The passage I quoted from the Newsroom piece suggests a misapprehension: “The Independent Review Panel considered whether a lawyer’s responsibilities to Māori, te reo and tikanga warranted specific reference as separate regulatory objectives.”
Neither the Panel nor the Law Society can find justification for its position in the assumed lawyers’ responsibilities because lawyers do not have them. As Christopher Finlayson KC has pointed out, neither individual lawyers nor the Society has any obligations under the Treaty. The parties to the Treaty were the Crown and the Māori Chiefs. By contrast, lawyers do have a responsibility to the rule of law because they have a fundamental obligation to uphold it. The rule of law sees each person as an individual human being inherently equal in worth and under the law.
There is in the Terms of Reference and the Panel’s approach a strange obsession to force lawyers to approach their practice in a race-based way. Is it not possible to understand that each client is an individual irrespective of their race or ethnicity, and we owe the same obligations of fidelity and care to each of them?
The practice of law is or should be colourblind, but that does not rule out competition. Some lawyers who have particular skills, such as language abilities, may be better placed to offer services to some clients than others. Potential clients can choose a lawyer who has such a skill if the client considers it to be important.

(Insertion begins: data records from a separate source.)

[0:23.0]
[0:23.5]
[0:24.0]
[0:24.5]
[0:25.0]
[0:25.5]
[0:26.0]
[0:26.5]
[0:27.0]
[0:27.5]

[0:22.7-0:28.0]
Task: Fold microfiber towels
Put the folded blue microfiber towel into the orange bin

Those are the main points I make in response to the Newsroom article. However, I note reference in the article to the “survey recently conducted by the Law Society.” This, presumably, is the one which closed on 31 May. I did not respond to the survey. In a letter to the Society’s Auckland branch president who sent the survey out to members which included me, I said:
I have fundamental objections to the recommendations, which cannot be conveyed by responses to the survey questions. For example, “5. Recommendation 1: Establish a new independent regulator to regulate lawyers in Aotearoa New Zealand,” and “6. Recommendation 2a: Ensure the independence and effectiveness of the new regulator by institutional arrangements that include establishing an independent statutory body, which is not a Crown Entity and not subject to direction from Ministers.” My answer to 5 would be "do not accept". Yet, question 6 requires an answer presupposing at least some level of acceptance of Question 5, as do all the other questions hanging off question 5.
There are similar problems with the other sets of questions. Overall, the questionnaire and its explanatory comments seem designed to elicit the responses desired by the proponents of the recommendations.

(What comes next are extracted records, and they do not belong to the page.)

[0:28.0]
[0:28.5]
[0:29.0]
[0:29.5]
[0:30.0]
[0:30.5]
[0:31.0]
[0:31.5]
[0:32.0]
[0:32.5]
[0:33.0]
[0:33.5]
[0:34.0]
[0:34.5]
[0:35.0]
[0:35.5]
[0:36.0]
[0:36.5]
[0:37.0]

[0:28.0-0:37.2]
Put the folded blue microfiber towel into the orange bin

A properly professional survey would likely have produced greater disagreement – certainly had I been able to express my views in answers to the survey, unconstrained by its terms, there would have been at least one more respondent to add to the 41% who did not accept the recommendation. I see that, even so, a majority disagreed.
Finally, a separate point not directly raised by the Newsroom article is the recommendation to establish a new independent regulator, itself.

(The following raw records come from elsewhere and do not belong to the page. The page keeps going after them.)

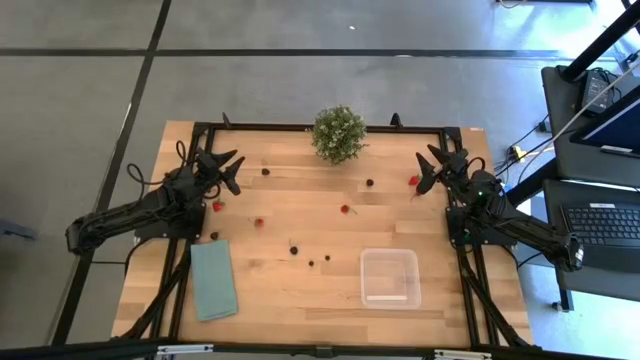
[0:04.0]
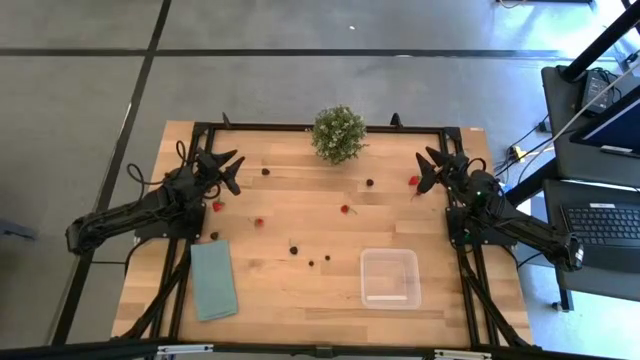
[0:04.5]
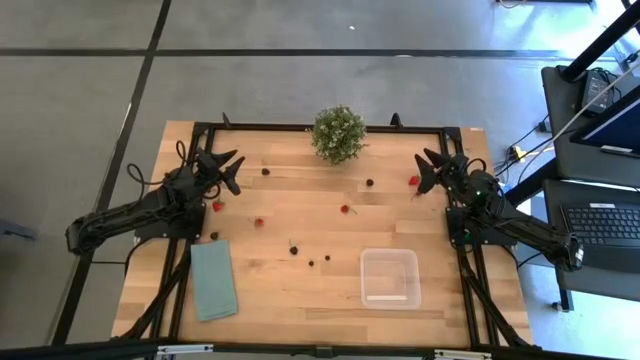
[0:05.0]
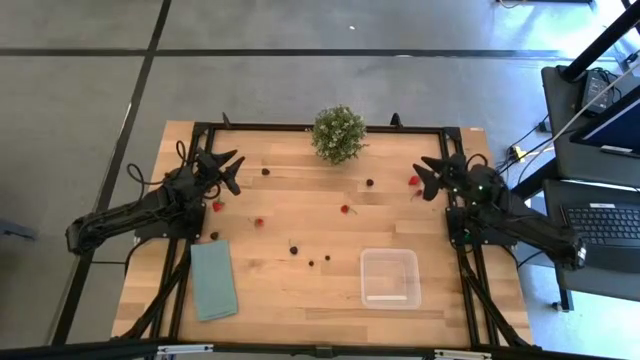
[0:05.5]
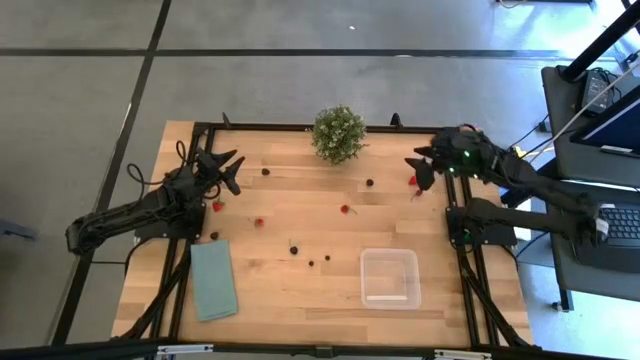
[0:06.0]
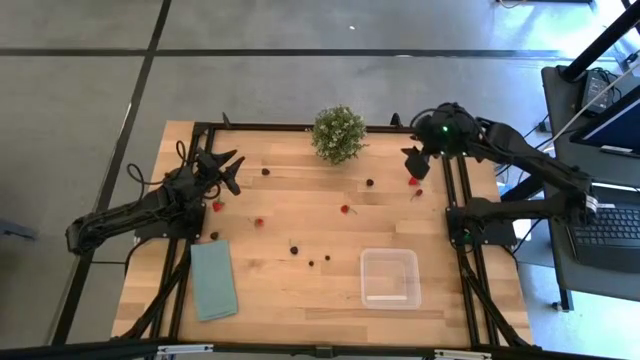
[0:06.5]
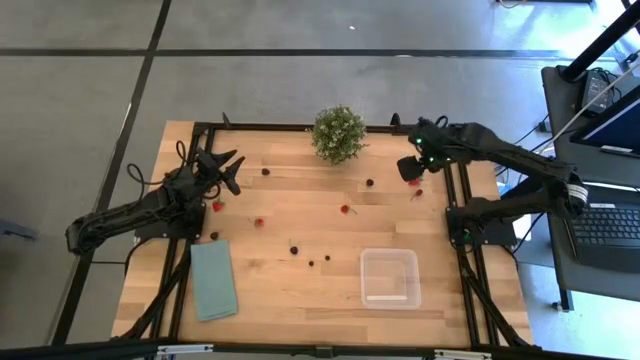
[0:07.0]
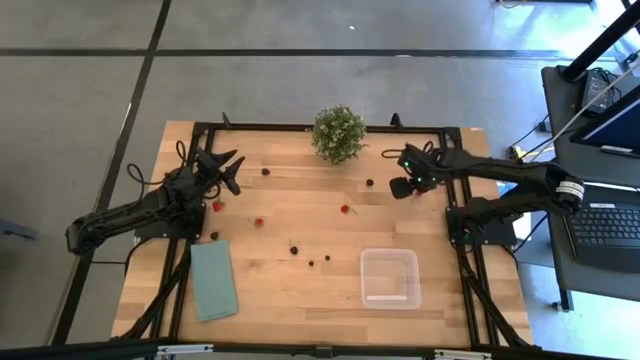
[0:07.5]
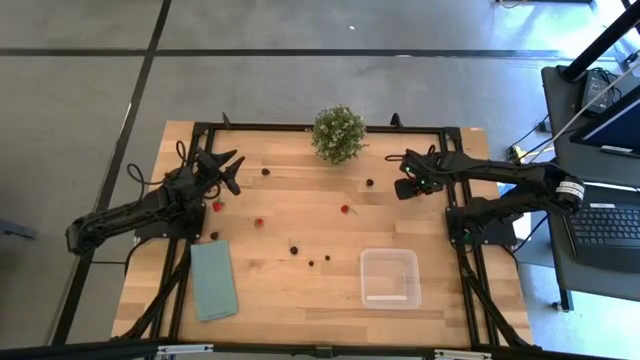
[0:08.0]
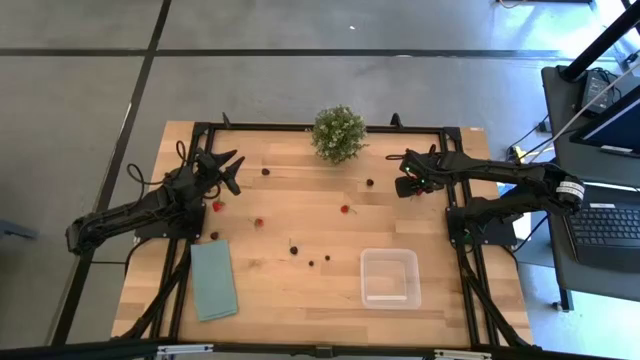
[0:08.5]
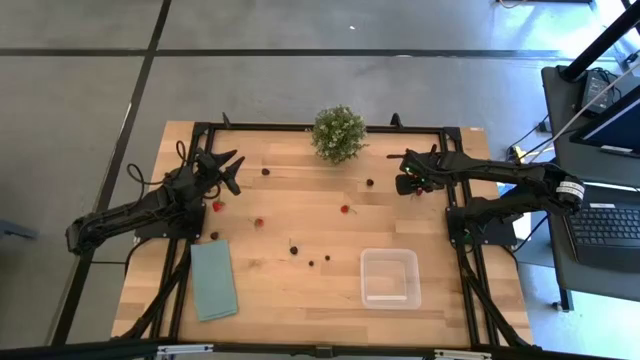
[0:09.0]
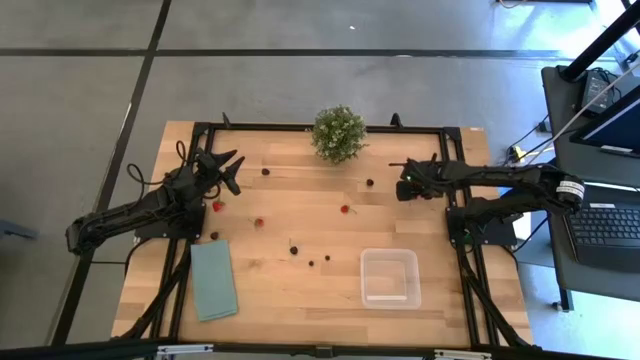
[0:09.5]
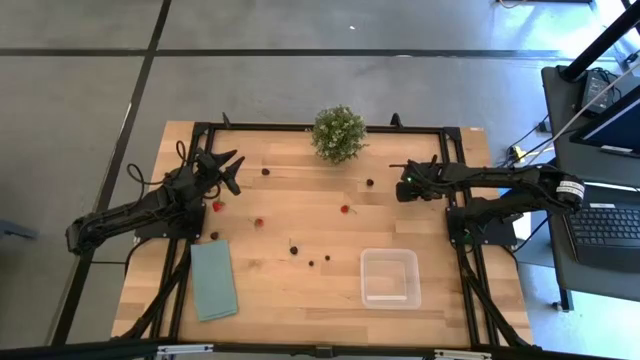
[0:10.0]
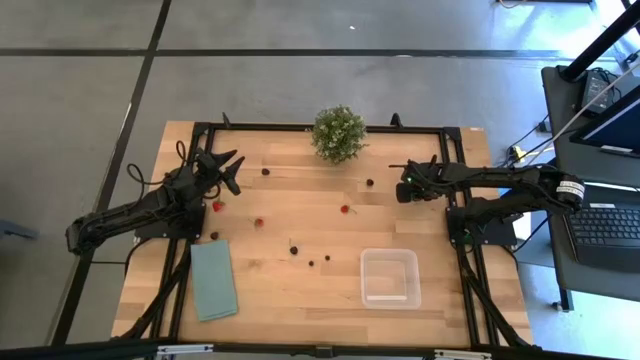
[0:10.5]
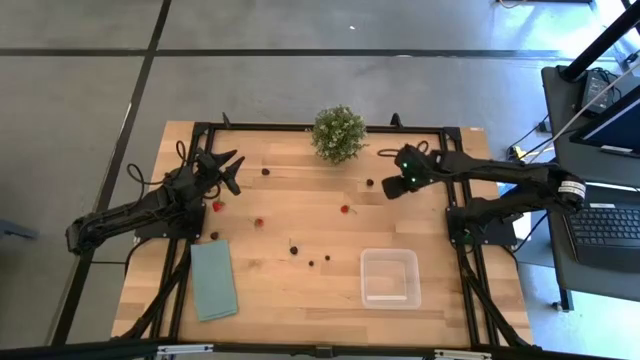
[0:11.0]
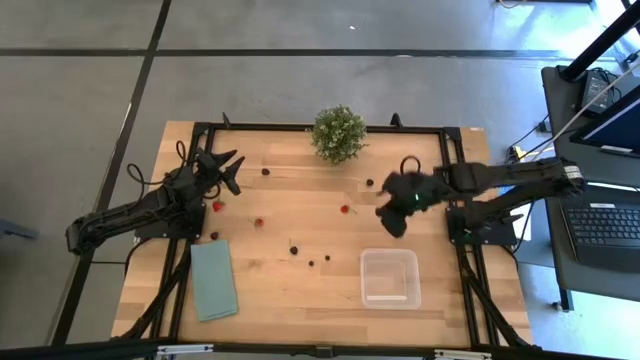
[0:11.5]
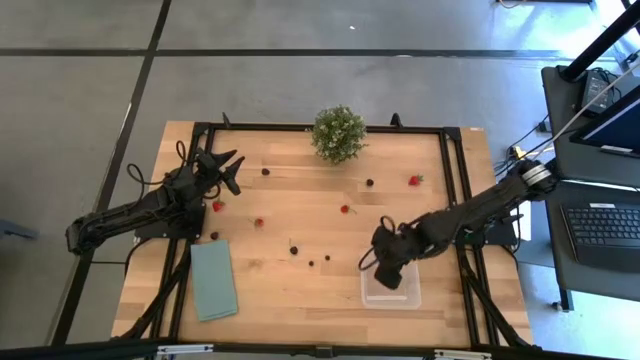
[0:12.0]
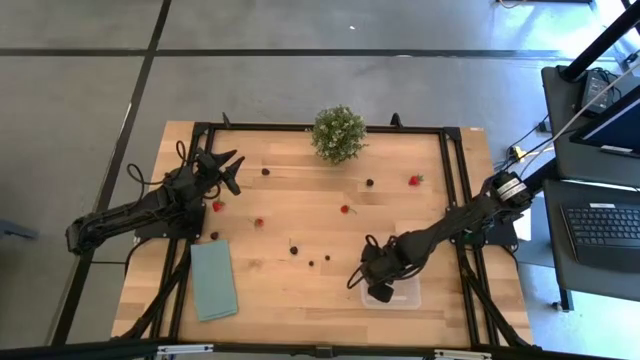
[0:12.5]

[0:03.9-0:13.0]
Task: Pick and placing Produce into tupperware
Put the red cherry into the bin

It is truly bizarre that the Independent Review should recommend, and the Society should be considering advocacy for, legislation to extinguish the Society’s regulatory function (2006 Act, s 65) with that function to be taken over by an entity whose board will be appointed by the government.
Most organisations would be fighting tooth and nail to retain for themselves the ability to regulate their members, and to avoid their members getting into the clutches of the government. As I have noted, the Society’s representative function is “to represent its members and to serve their interests” (s 66). Neither members’ interests nor the public interest is served by proposals which threaten lawyers’ independence from the government. That must surely be self-evident.